Deep web search engines don’t follow links to find content, they fill out and submit search forms much the way humans do. Federated search engines, like deep web search engines, don’t use the crawl approach; they search content sources using either the deep web approach or via some other mechanism to access its documents. Each content owner provides its own mechanism for content search and document retrieval.
Central to accessing search results and documents from a content source is use of a combination of software and data called a connector. Think of a connector as a plug-in that connects the federated search application with the search and retrieval mechanism provided by the content source. Federated search engines must provide a unique connector for each source searched making the building of connectors a time-consuming process.
To understand the complexity of building connectors consider these components of each:
- Translate a user’s query syntax. Different search engines support different search syntaxes. Some require Boolean words (AND, OR, NOT) to be included in the search expression, others consider them optional, and others don’t support them at all. Some search engines support wildcard searches. Others don’t. Some search engines support quoted phrases while others don’t. A major task of a connector is to translate, or rewrite, what a user typed in into what a particular search engine requires. Mistakes in this part of the connector will result in too few, too many, or less relevant than expected results.
- Map search fields filled in to those available in the target source. Many federated search engines support advanced searches (those consisting of multiple fields, e.g. title, author, date). What varies widely from one search engine to another is how well it handles the fielded (advanced) search on the target search engine. What happens if the user enters a journal name into the journal field and the remote search engine doesn’t support a journal field but instead supports a collaboration field? What happens if a user enters text into a “full record” search field, intending to search the full text of all documents at the target site but the site only supports search of title, author, and abstract? A smart federated search engine will allow creation of a connector that translates the user supplied fields to the relevant remote ones, determined on a case by case basis.
- Submit the search. This process is more complicated than it sounds. One component of the submission process is to fill out an HTML search form the way a human would or otherwise provide the required query expression in the proper syntax to the target search engine. This task can be difficult if there are a number of form variables that need to be set, especially if it’s not obvious to the person building the connector which variables need to be set and what their values should be. A further complication can arise if a search needs to be performed in multiple stages, or if cookie, session or authentication information needs to be managed.

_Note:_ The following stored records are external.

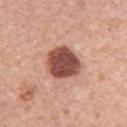Clinical impression: This lesion was catalogued during total-body skin photography and was not selected for biopsy. Context: Approximately 4.5 mm at its widest. A close-up tile cropped from a whole-body skin photograph, about 15 mm across. Located on the arm. Imaged with white-light lighting. Automated image analysis of the tile measured a lesion area of about 13 mm², an outline eccentricity of about 0.45 (0 = round, 1 = elongated), and two-axis asymmetry of about 0.2. It also reported a border-irregularity rating of about 1.5/10, a color-variation rating of about 4/10, and peripheral color asymmetry of about 1. And it measured an automated nevus-likeness rating near 70 out of 100 and a lesion-detection confidence of about 100/100. A female subject aged around 60.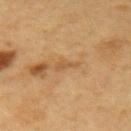biopsy status: no biopsy performed (imaged during a skin exam); lighting: cross-polarized illumination; size: ~2.5 mm (longest diameter); patient: female, aged 43–47; image-analysis metrics: a border-irregularity rating of about 5/10, a within-lesion color-variation index near 0.5/10, and a peripheral color-asymmetry measure near 0; image source: total-body-photography crop, ~15 mm field of view; body site: the right forearm.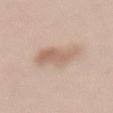| feature | finding |
|---|---|
| notes | imaged on a skin check; not biopsied |
| location | the lower back |
| image | ~15 mm crop, total-body skin-cancer survey |
| subject | female, aged 38 to 42 |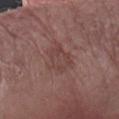The lesion was photographed on a routine skin check and not biopsied; there is no pathology result. The lesion's longest dimension is about 4.5 mm. The lesion is located on the left forearm. The lesion-visualizer software estimated a footprint of about 9.5 mm², an eccentricity of roughly 0.75, and two-axis asymmetry of about 0.3. The software also gave an average lesion color of about L≈42 a*≈20 b*≈21 (CIELAB), a lesion–skin lightness drop of about 6, and a lesion-to-skin contrast of about 5 (normalized; higher = more distinct). The patient is a female aged 83 or older. This image is a 15 mm lesion crop taken from a total-body photograph.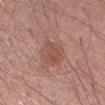The lesion was tiled from a total-body skin photograph and was not biopsied. A male subject, aged approximately 50. On the right upper arm. A 15 mm close-up tile from a total-body photography series done for melanoma screening.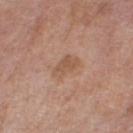Q: Was a biopsy performed?
A: imaged on a skin check; not biopsied
Q: What lighting was used for the tile?
A: white-light
Q: Patient demographics?
A: female, about 65 years old
Q: What did automated image analysis measure?
A: an area of roughly 5.5 mm², an outline eccentricity of about 0.75 (0 = round, 1 = elongated), and two-axis asymmetry of about 0.25; border irregularity of about 2.5 on a 0–10 scale, a within-lesion color-variation index near 1.5/10, and peripheral color asymmetry of about 0.5; a nevus-likeness score of about 5/100
Q: What is the imaging modality?
A: ~15 mm tile from a whole-body skin photo
Q: Lesion location?
A: the left leg
Q: How large is the lesion?
A: ~3.5 mm (longest diameter)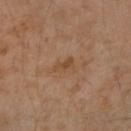{
  "biopsy_status": "not biopsied; imaged during a skin examination",
  "lesion_size": {
    "long_diameter_mm_approx": 2.5
  },
  "site": "right upper arm",
  "image": {
    "source": "total-body photography crop",
    "field_of_view_mm": 15
  },
  "lighting": "cross-polarized",
  "patient": {
    "sex": "female",
    "age_approx": 45
  }
}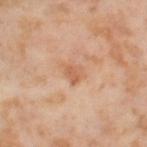follow-up: imaged on a skin check; not biopsied | imaging modality: ~15 mm crop, total-body skin-cancer survey | site: the leg | subject: female, roughly 55 years of age.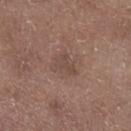Impression:
No biopsy was performed on this lesion — it was imaged during a full skin examination and was not determined to be concerning.
Context:
A male patient, about 70 years old. The recorded lesion diameter is about 3 mm. A roughly 15 mm field-of-view crop from a total-body skin photograph. The tile uses white-light illumination. The lesion-visualizer software estimated an average lesion color of about L≈46 a*≈17 b*≈23 (CIELAB). It also reported a within-lesion color-variation index near 1.5/10 and a peripheral color-asymmetry measure near 0.5. It also reported a lesion-detection confidence of about 100/100. Located on the left lower leg.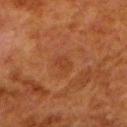biopsy status: no biopsy performed (imaged during a skin exam)
location: the left lower leg
imaging modality: total-body-photography crop, ~15 mm field of view
lesion size: ~2.5 mm (longest diameter)
subject: male, aged 78–82
tile lighting: cross-polarized

- Retrieve the search results page. Depending on the search engine, results may come back as HTML or XML. This step, retrieving the content, is the most straightforward step although consideration needs to be made for results that come slowly, or not at all. Plus, errors need to be managed.
- Parse the search results. This process can be easy or difficult depending on what format the source uses to returns its content as well as other factors. XML is much easier to parse for document fields than HTML. Additionally, HTML output may be inconsistent, and the document fields need to be separated from other text and from HTML formatting information on the results page. Missing fields, especially in HTML output, need to be accounted for.
In many ways the connector is the work horse of the federated search engine. It is the component that has the intimate contact with each underlying search engine. It has to handle the idiosyncrasies of each source and do something intelligent with the source regardless of the user’s input. This is no small task for the underappreciated federated search engine connector.